If you could benefit from using this new space, please let us know by filling out our interest form, sending us a brief email, or giving us a call to tell us how you would like to use the Community Kitchen at ADCG. 

Have an idea for the Community Kitchen?
Please let us know how this space can be a resource for you. 

Share your thoughts...

Thanks for your input!

Community Testimonials

“Over the past several years we’ve been proud to partner with the Alan Day Community Garden in work to improve the health and wellbeing of local people. This work has included supporting efforts to improve access to fresh, healthy produce at schools and early childhood education sites, youth mentoring and empowerment through the Youth Leadership Program, and developing the garden as an inclusive, welcoming space for all. Community members have told us that isolation and disconnection are getting in the way of health, and the ADCG is actively working against those challenges by emphasizing the community in the Community Garden, and creating a space where both healthy food and healthy relationships are grown.”

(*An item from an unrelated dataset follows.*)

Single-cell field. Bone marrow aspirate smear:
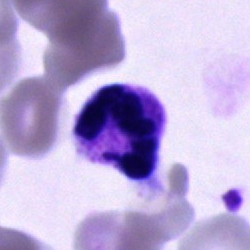
The cell is neutrophil (segmented).

-Brendan Schauffler, Oxford County Wellness Collaborative Network Facilitator

Debbie Riley

Cooking Matters Class

“I really enjoyed taking the family cooking class at Alan Day. It was a wonderful way for my husband and I, and 2 daughters to meet other families and learn new recipes and cooking hacks. It was a great family bonding experience as well. I'm so excited to hear their vision to expand their cooking area.”

Kelly Margolin

Cooking Matters Class

“We took a family cooking class at the garden a few summers ago. We had a great time! We were a bit limited with an actual stove and oven, but we would definitely like to do it again!”

Holly Stuhr

Community Nutrition Educator

ADCG Board Member

“I teach some of my Snap-Ed cooking classes there, under the pavilion. Jeff is on the Buildings and Grounds team. Together we have had a garden share, a garden plot, helped build the pizza oven, and cooked pizzas at the Community Market. Being a part of ADCG has rooted us in this wonderful community.”

Avery, age 15

Youth Leader

“The community garden is a refuge in nature. It’s a place where I can connect with people who care about things that are important to me and get away from the stresses of school and Facebook.”

Frankie, age 14

Youth Leader

“I came to the community garden pre-diabetic and was spending much of my time on the couch watching TV and eating chips. Being at the garden I discovered I liked to eat fresh vegetables and exercise and my mind and emotions became clearer. Now I work out, eat healthier and have a job. I am proud of serving the community.”

Susan Jennings

Maine 4-H Foundation Director

"The 4-H program has been a collaborative partner for a number of years because the Alan Day Community Garden is a health and wellness program at its best. The focus on teaching young people how to grow healthy whole foods is an excellent way to get children and teens to eat healthy and care about where their food comes from. 4-H is all about youth leadership and service-learning, the Alan Day Garden is a true example of a giving back to the community through growing healthy foods with respect to the environment."

Brian Shibles

CFO Norway Savings Bank

ADCG Development Team

“The Alan Day Community Garden has grown to become such an important community resource since its soils were first tilled back in 2009.  Beyond being a place for people to grow nutritional vegetables, fruits and herbs, the garden has become a center for education, leadership development, culture, art and agricultural commerce with a focus on diversity and inclusion.  The value that the ADCG and its Board, staff and volunteers bring to this community can simply be measured as “priceless”, which is a reason why it’s worth my time to try to help.”